(Records contained in a dataset)
-----

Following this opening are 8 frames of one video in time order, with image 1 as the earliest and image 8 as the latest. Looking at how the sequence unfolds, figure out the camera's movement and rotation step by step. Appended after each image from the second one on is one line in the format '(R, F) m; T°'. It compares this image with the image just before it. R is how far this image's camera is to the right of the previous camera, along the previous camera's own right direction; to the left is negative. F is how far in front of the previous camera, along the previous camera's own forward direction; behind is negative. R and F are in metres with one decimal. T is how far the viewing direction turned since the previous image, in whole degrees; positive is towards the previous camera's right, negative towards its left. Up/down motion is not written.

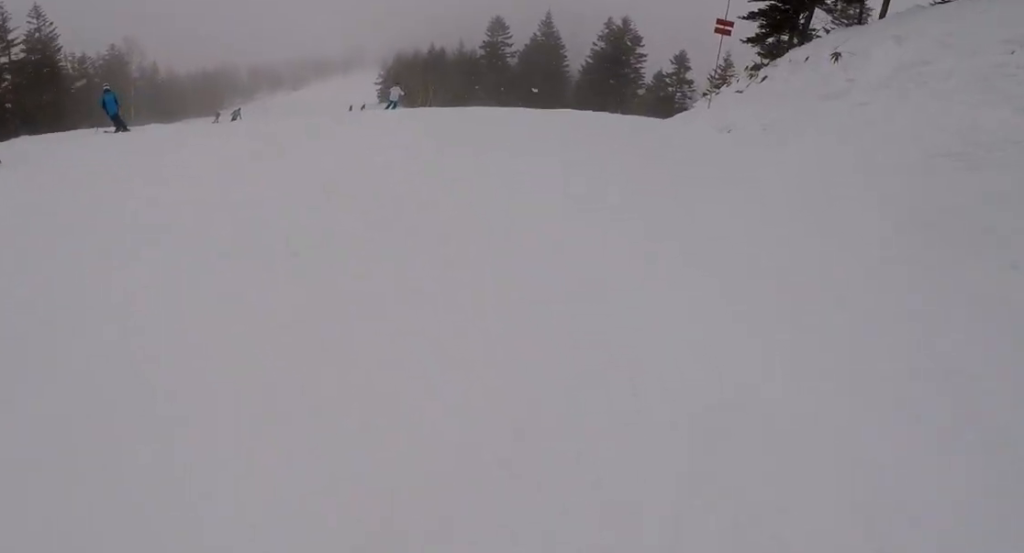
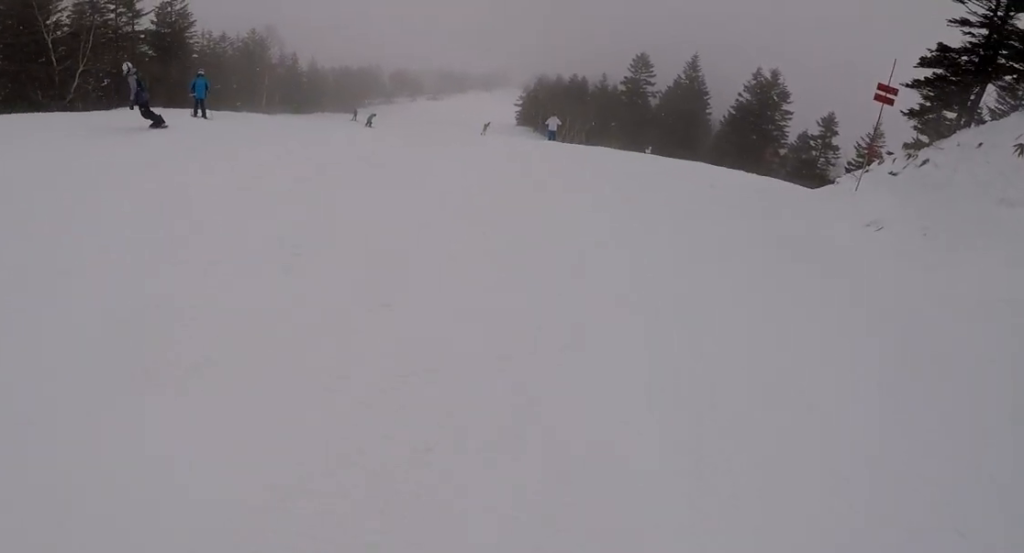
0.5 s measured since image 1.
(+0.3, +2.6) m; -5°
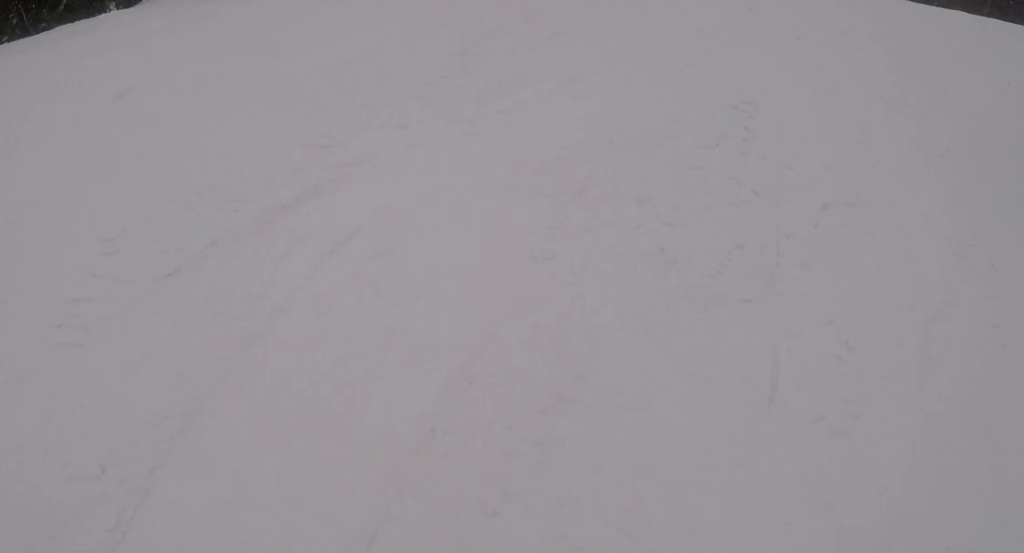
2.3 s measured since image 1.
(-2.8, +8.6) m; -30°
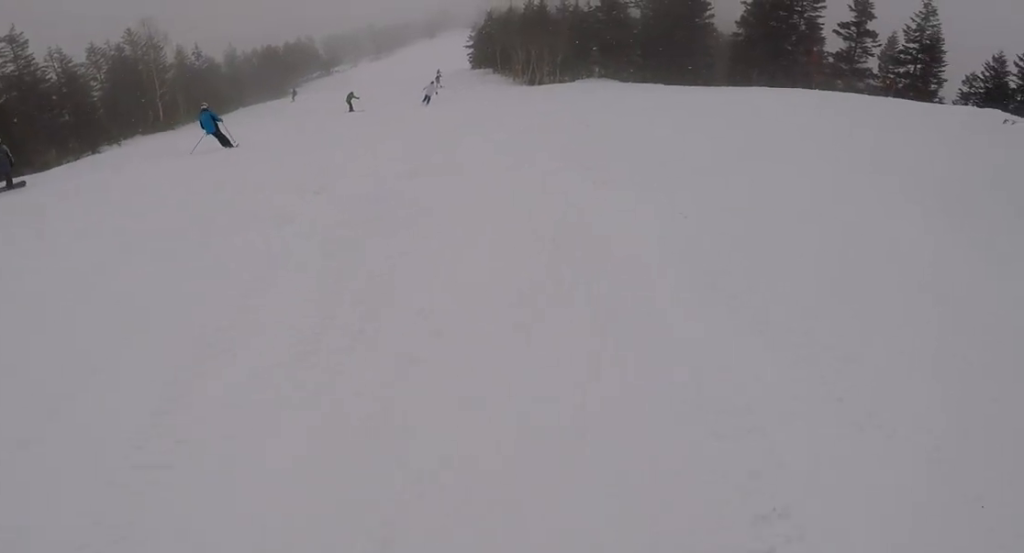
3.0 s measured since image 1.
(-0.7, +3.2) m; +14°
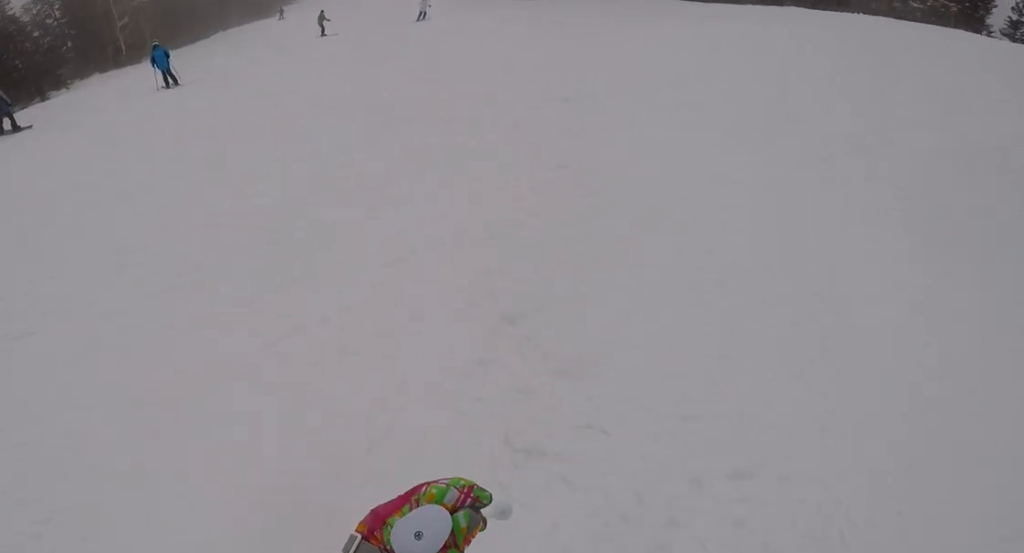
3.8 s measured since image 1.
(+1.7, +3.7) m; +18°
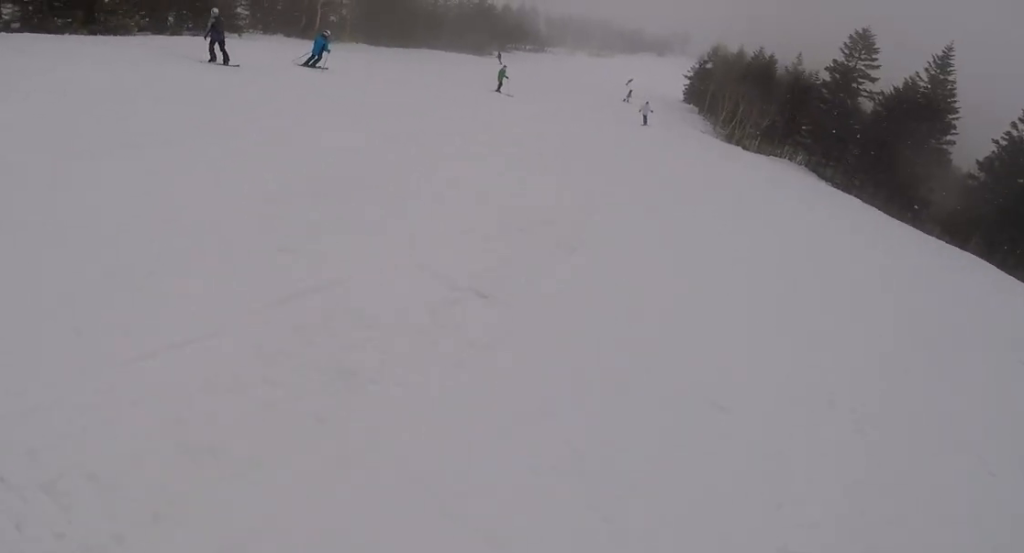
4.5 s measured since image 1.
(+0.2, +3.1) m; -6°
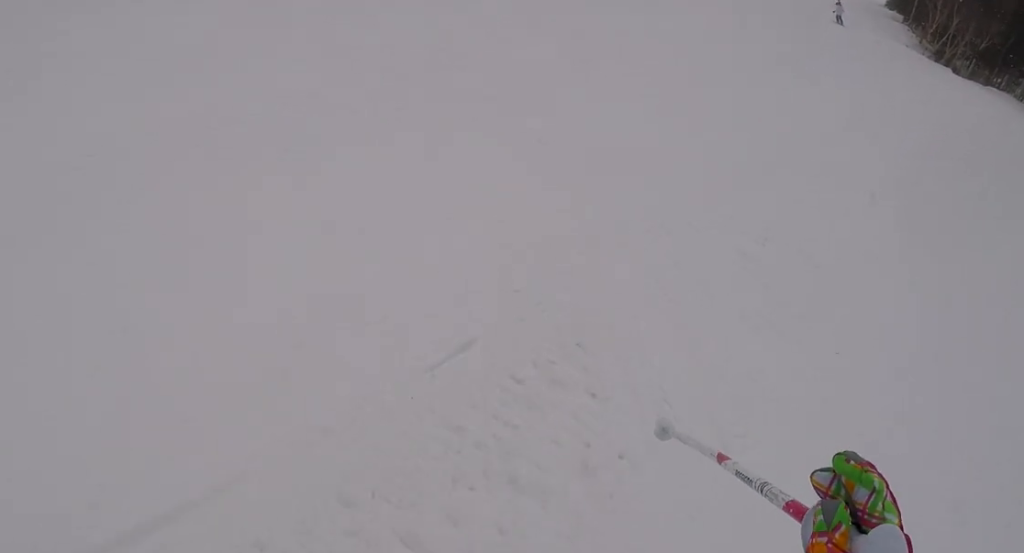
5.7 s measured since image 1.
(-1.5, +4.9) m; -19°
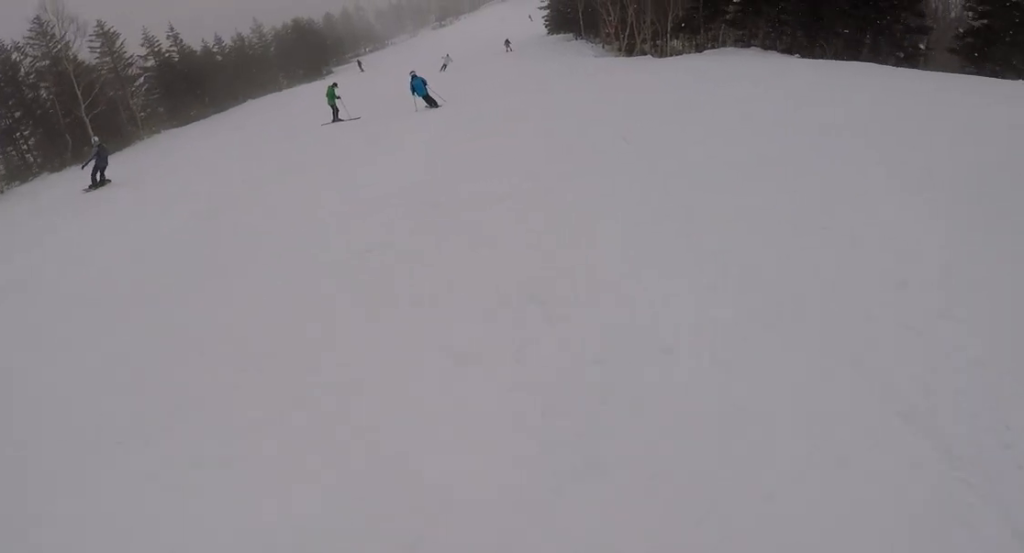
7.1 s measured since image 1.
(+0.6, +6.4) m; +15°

-----

◆ **Exercise details**
Once you find the line that contains "5.7 s measured since image 1.", give it again along with every later line through the end of the data, word for word, minus the pictures.

◆ **Answer space**
5.7 s measured since image 1.
(-1.5, +4.9) m; -19°
7.1 s measured since image 1.
(+0.6, +6.4) m; +15°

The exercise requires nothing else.